Seleciono dois momentos em que o nível da expressão impacta tanto pela surpresa quanto pelos efeitos estéticos que alcança:

Mas vejam! Vejam bem! Eu mesmo estive!                            
Estive a ultrapassar tantas fronteiras
E fui a navegar a noite inteira
Um mastro a naufragar até o! Estige

Os versos ressoam a dor de uma alma a peregrinar em busca da criatura amada. Ficamos tentados a ver nesse sujeito lírico uma representação do mito de Orfeu. Mas jamais essa será uma leitura fechada. O que se pode dizer é que a evocação do mito converge para um duplo significado:

1- O sujeito lírico que fala no poema é Orfeu.

2- O sujeito lírico que fala no poema é um ser humano, de qualquer tempo e lugar, a vivenciar um sofrimento semelhante ao relatado no mito de Orfeu. Ele vive o seu inferno de querer trazer da morte o ser amado que perdeu.

É dois poemas em um: é sobre o sofrimento da perda relatada no mito. É também um poema a dizer que esse drama humano é inespacial e atemporal.

OS SIGNOS SONOROS

O signo sonoro é uma categoria estética de outro nível. Na poesia ganha seu domínio próprio de significação e adquire estatuto estético à parte. Integrado à palavra, a esta agrega ritmo e musicalidade. Por essa razão, o signo sonoro enlaçado ao conceito verbal, habita noutra esfera, a esfera da emoção que leva o leitor/fruidor a outro campo de percepção e fruição. O efeito conseguido no ritmo, andamento e musicalidade é marcante no conjunto, impõe-se à emoção do leitor, que capta o efeito de imediato. É algo que vai além das palavras e seus significados verbais. No verbal se insinua um signo sonoro que nos envolve em seu ritmo, e os ecos das emoções desse sujeito lírico nos arrebata.

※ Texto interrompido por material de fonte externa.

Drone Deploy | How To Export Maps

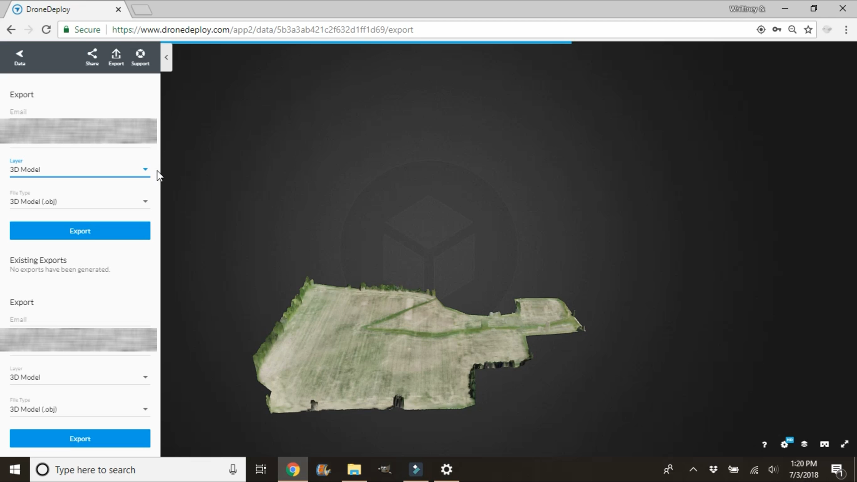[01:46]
And then you can also export a point cloud file. I haven't gotten into the point cloud files yet. So I don't have a whole lot of information on those unfortunately. Primarily in the agricultural field right now we're using orthomosaic, plant health, elevation, and the 3d.
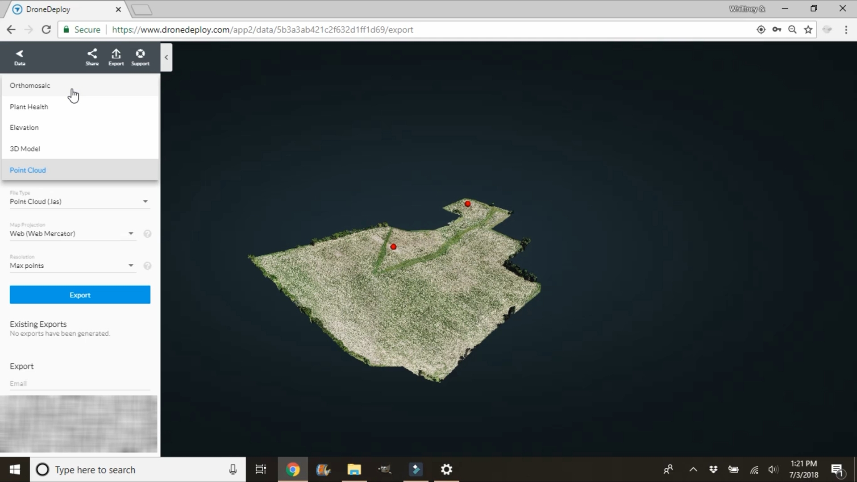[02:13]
So let's start with the orthomosaic map for demonstration purposes. So we're going to go ahead and export that. And so we'll select orthomosaic and then the file type.

Mas vejam! Vejam bem! Eu mesmo estive!
Estive a ultrapassar tantas fronteiras

O verbo “estive” repetido no início do segundo verso com igual tempo verbal marca um eco expressivo e uma ênfase. Revela um sujeito lírico tomado de emotividade: a alma desse sujeito exclama e grita sua dor nos ecos sonoros desses versos. Inevitavelmente, ficamos envolvidos em sua vivência apaixonada. 

QUEBRA SINTÁTICA

Pra ver de tanto amor que mais importa
Se a boca que me beija em seu sudário
Se o toque que faltou em meu diário
Se a mão que não bateu em minha porta

Os três versos que seguem ao primeiro “Pra ver de tanto amor que mais importa” são todos de uma oração composta, as chamadas orações adverbiais, no presente caso chamada Oração adverbial condicional, encabeçada pela conjunção “se”. 

A repetição de uma mesma estrutura sintática revela um novo eco que se expressou em outra dimensão do signo verbal. Está na dimensão das categorias sintáticas e da capacidade da língua de criar estruturas expandidas do interior de si mesma.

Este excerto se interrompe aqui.